Без улыбок | страница 12
- Я ей советую: откажитесь печатно от своих работ! Это будет благородный поступок.
И сел, уже окончательно. В поте лица добыл свой хлеб.
Дальше во мне все как-то спуталось. Я не помню уже, кто выступал и как. Помню, что меня ругали, с каким-то удивившим меня ожесточением, те самые, что улыбались мне ежедневно. Естественно: иначе их бы не назначили в Комиссию... Но я уже не слушала. Я была занята своими ушами. С ними что-то творилось неладное: то я начисто глохла, то вдруг начинала слышать обостренно-громко, так что маленькие часики у меня на руке тикали башенным боем, разыгрывая "Коль славен". Когда я глохла, люди действовали как в немом кино: они шевелили ртами, будто жевали, и делали несообразные жесты. Под ними мучительно не хватало титров.

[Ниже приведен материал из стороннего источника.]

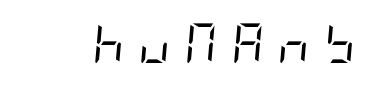
The image shows 39 px regular-weight, condensed type, italic (leaning right); set unusually wide letter spacing (+0.37 em), not underlined; low stroke contrast and a large x-height.

Потом я поняла, что титры можно привообразить, и дело пошло. Они говорили, я их подтитровывала. Ориентиром мне служило лицо того, красного, который сидел кренделем. Он сидел в кресле, как в тарелке, как в своей тарелке, и кивал с добродушием, из чего было ясно: все в порядке, ругают.

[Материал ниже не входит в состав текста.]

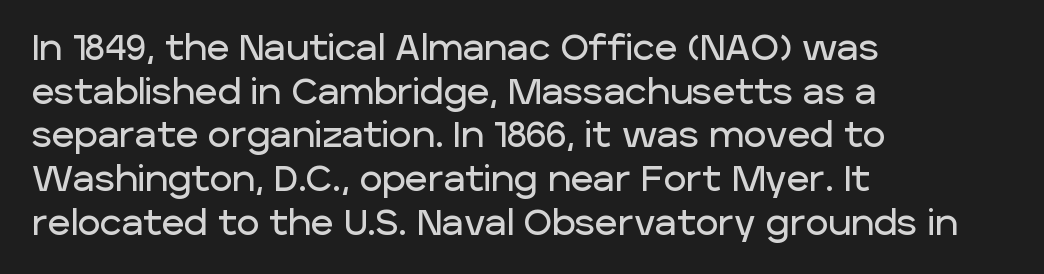
Q: Is the text italic (slanted)? A: No, it is upright.
Q: Is the typeface a serif or a sans-serif typeface? A: Sans-serif.
Q: Is the text underlined? A: No.
Q: How is the paragraph aligned? A: Left-aligned.
Q: Is the spacing between letters normal or unusually wide? A: Normal.
Q: Is the spacing between lines tight, normal or loose? A: Normal.
Q: Width (condensed, normal, or wide)? A: Normal.
Q: Stroke contrast? A: Low.
Q: x-height? A: Large.
Q: Monospaced? A: No.
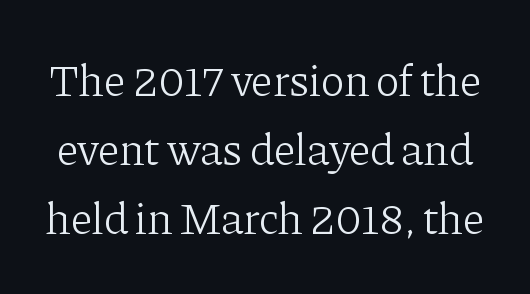
A normal amount of white space separates one row of letters from the next. A typesetter would call this zero additional tracking. The passage shown is not underscored anywhere. Nothing heavy about these letters — not bold at all.
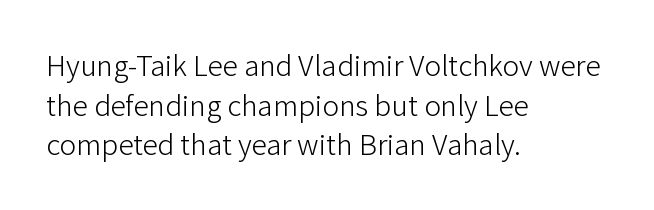
Q: Is the text bold? A: No.
Q: Is the text italic (slanted)? A: No, it is upright.
Q: Is the typeface a serif or a sans-serif typeface? A: Sans-serif.
Q: Is the text underlined? A: No.
Q: How is the paragraph aligned? A: Left-aligned.
Q: Is the spacing between letters normal or unusually wide? A: Normal.
Q: Is the spacing between lines tight, normal or loose? A: Normal.
Q: Width (condensed, normal, or wide)? A: Normal.
Q: Stroke contrast? A: Low.
Q: x-height? A: Medium.
Q: Monospaced? A: No.

Я была в одном из приступов глухоты, когда начал говорить Белокурый. Он был неизвестен мне, высок, прям, сухонос, гладко и редко причесан. Он встал, по колено в людях. Глухота моя была неполной: сквозь нее было слышно, что голос Белокурого высок и назойлив. На титрах я читала, как он меня поносит, какими учтивыми, припомаженными словами. Тем временем в ушах звучали уже не дрели, а оркестровые тарелки: бамм! - и щщщ... бамм! - и щщщ... - со свистящим дребезгом в конце каждого удара, который похож на звук "щ", если протянуть его как гласную. Бежали ругательные титры. На всякий случай я опять сверилась по Кренделю. Удивительно, он не казался таким уж довольным! Он изменил позу, снял руки с колен, он уже не был похож на крендель. Вдруг по его красному лицу прокатилась снизу вверх кожная складка, из которой я поняла, что Белокурый вовсе не ругает меня, что он говорит - за!

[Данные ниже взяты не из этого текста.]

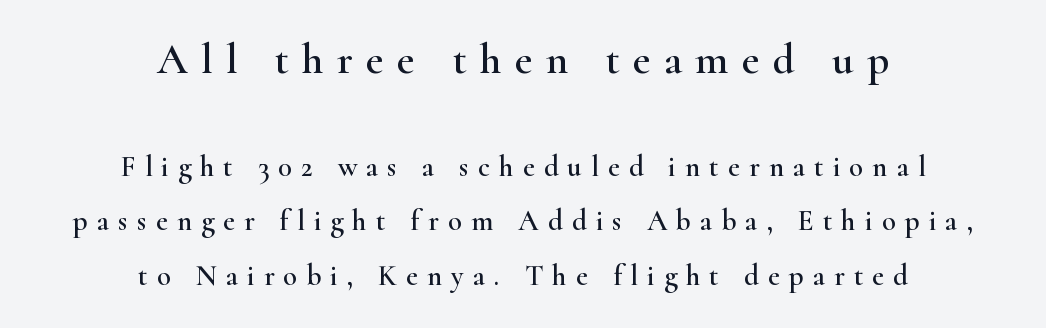
The image shows 43 px wide serif type, upright; set centered, line spacing 1.89x, unusually wide letter spacing (+0.31 em), not underlined; the first (top) block is 1.48x larger; high stroke contrast and a small x-height.
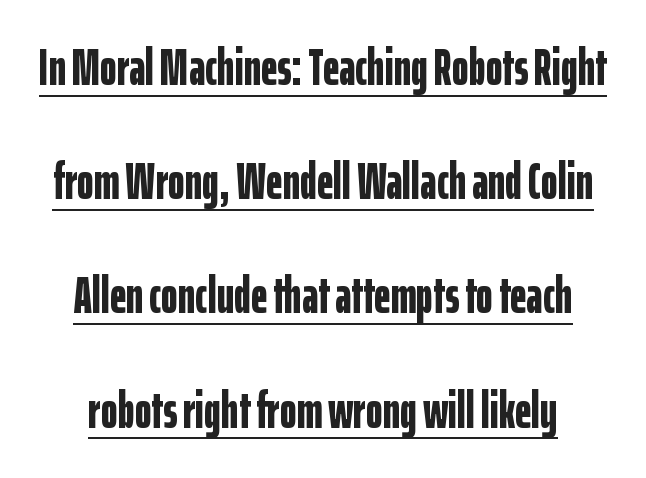
{"serif": "no", "italic": "no", "bold": "yes", "weight": "bold", "width": "condensed", "stroke_contrast": "low", "x_height": "medium", "monospaced": "no", "underline": "yes", "align": "center", "line_spacing": "loose", "line_spacing_ratio": 2.24, "letter_spacing": "normal", "letter_spacing_em": 0.0, "glyph_px": 51}

"Слуху мне, слуху!" - взмолилась я, глядя в лицо Белокурому. И вот чудеса! - тарелки утихли, глухота поредела, и ясно прорезался высокий голос, говоривший "за". Он не был назойлив, наоборот, спокоен и точен, с той джентльменской сдержанностью по отношению к оппонентам, которой владеет одна правота.
Но кто же он, откуда? В словах Белокурого я узнавала собственные свои, родные мысли, но лучше, совершеннее, - свободные от бабьей эмоциональности, с которой я, увы, не могу развязаться. Я смотрела ему в рот.